Understanding how good or bad is a ROC curve

A Good ROC curve

Hugs the top left corner of the plot quickly rising towards a high True Positive Rate (sensitivity) with a low False Positive Rate (1-specificity) and then, it travels across the plot maintaining a high True Positive Rate.

The closer the curve is to this top left corner, the better the model.

A Bad ROC curve

Conversely, a bad ROC curve is one that stays close to the diagonal line, also known as the line of no-discrimination. This line represents a random classifier (i.e., a model that does no better than random guessing). If a curve is close to this line or, worse, beneath it, it indicates a poor model.

In summary, the further away the ROC curve is from the diagonal line and the closer to the top left corner, the better the model's performance.

Dataset Info

Each model is trained using its own distinct section of all available data. Our aim is to distribute the MRI features as efficiently as possible. We ensure each patient's data is only found in one category, either training, validation, or testing. This is critical as some patients may have multiple scans, and having these scans in different categories could lead to misleading results and a false appearance of high performance.

Imbalanced Data Based on Healthy or Demented

imbalanced data

We aim to keep the data for each category (training, validation, and testing) imbalanced.

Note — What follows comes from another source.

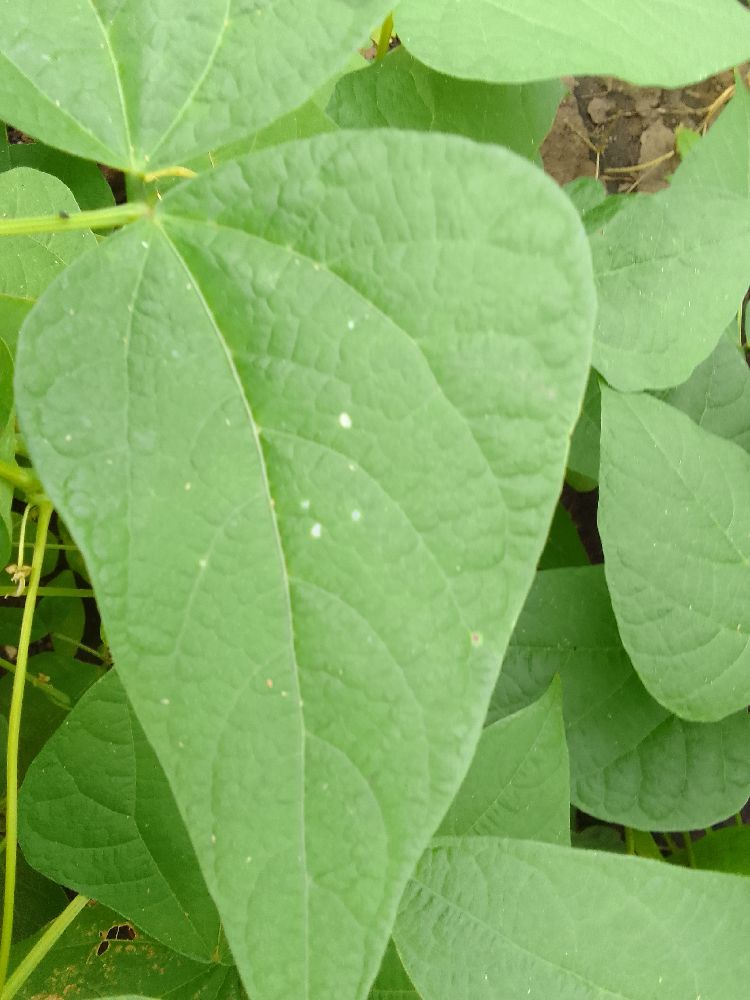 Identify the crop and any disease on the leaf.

This makes the model more realistic and helps avoid 'overfitting', which is a problem where results are exaggerated due to a certain modeling approach. Balancing data could also skew results.

Unique Subjects

Unique Subjects

Since a subject can have more that once scans taken during different periods we have developed specialized algorithms to assure the maximum possible diversity in all the subsets used for training, validation and testing.

In the example that we see here we can see that for the training set we are using 251 unique healthy subjects (that they result to 416 scans) and 48 unique demented (that they resutl in 278 scans). Similarly the valued for the valiation are 38 - 10 (45-30) and 28 -11 (31-21)

Selected Slices

From each MRI scan, the slices that are useful for the model come from a specific set. This set includes the three middle slices and two slices from either side of the middle. Therefore, the maximum number of applicable slices is nine. However, we can use any combination of these slices, and we have the potential for 2^9 (or 512) different combinations.

Selected Slices Image

To help visualize this, we've provided a sample image that presents the nine possible slices. In this image, the slices that aren't being used are left blank, while the slices that are being used have sample data on them.

In the example image, the model takes an array of slices from the MRI as input. Specifically, we are using five slices: one middle slice for the sagittal view, and three slices - top, middle, and bottom- for the coronal view. It's worth noting that we aren't using any slices from the axial view in this example.

Training History

A graphical representation of a classifier's training includes:

  • accuracy
  • loss
  • validation accuracy
  • validation loss
Training History

Accuracy reflects how often the model makes correct predictions.

Loss tells us how far off these predictions are.

As training progresses, we ideally want accuracy to go up and loss to come down.